____ Data supplied
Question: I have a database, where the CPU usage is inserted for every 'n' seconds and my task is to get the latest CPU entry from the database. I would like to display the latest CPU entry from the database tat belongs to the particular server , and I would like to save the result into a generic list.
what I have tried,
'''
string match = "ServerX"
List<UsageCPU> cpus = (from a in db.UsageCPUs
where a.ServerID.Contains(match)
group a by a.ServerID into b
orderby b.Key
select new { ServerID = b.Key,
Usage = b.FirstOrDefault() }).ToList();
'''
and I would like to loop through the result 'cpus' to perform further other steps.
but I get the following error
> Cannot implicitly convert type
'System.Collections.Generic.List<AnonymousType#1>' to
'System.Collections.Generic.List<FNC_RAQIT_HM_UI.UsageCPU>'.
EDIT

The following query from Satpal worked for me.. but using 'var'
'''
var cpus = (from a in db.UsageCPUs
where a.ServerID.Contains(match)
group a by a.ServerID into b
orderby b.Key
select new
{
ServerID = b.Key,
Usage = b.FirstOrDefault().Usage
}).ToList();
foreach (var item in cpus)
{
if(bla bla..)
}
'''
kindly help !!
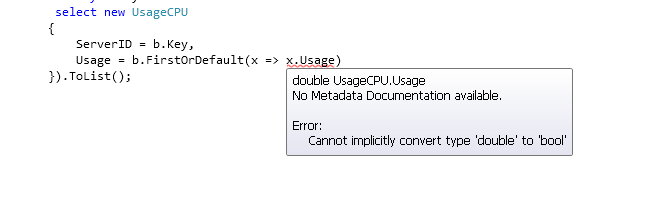
Answer: '''
List<UsageCPU> cpus = (from a in db.UsageCPUs
where a.ServerID.Contains(match)
group a by a.ServerID into b
orderby b.Key
select new UsageCPU //Added UsageCPU
{
ServerID = b.Key,
Usage = b.FirstOrDefault().Usage
}).ToList();
'''
> The entity cannot be constructed in a LINQ to Entities query
'''
List<UsageCPU> cpus = (from a in db.UsageCPUs
where a.ServerID.Contains(match)
group a by a.ServerID into b
orderby b.Key
select new
{
ServerID = b.Key,
Usage = b.FirstOrDefault().Usage
})
.AsEnumerable()
.Select(x => new UsageCPU
{
ServerID ,
Usage
}).ToList();
'''
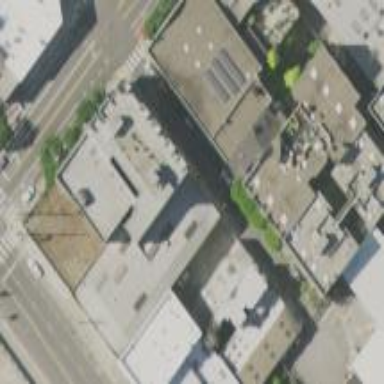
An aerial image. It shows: Building.
________
* [Required work] Which lines above include the word "have"? Show each one.

* [Exercise output]
Question: I have a database, where the CPU usage is inserted for every 'n' seconds and my task is to get the latest CPU entry from the database. I would like to display the latest CPU entry from the database tat belongs to the particular server , and I would like to save the result into a generic list.
what I have tried,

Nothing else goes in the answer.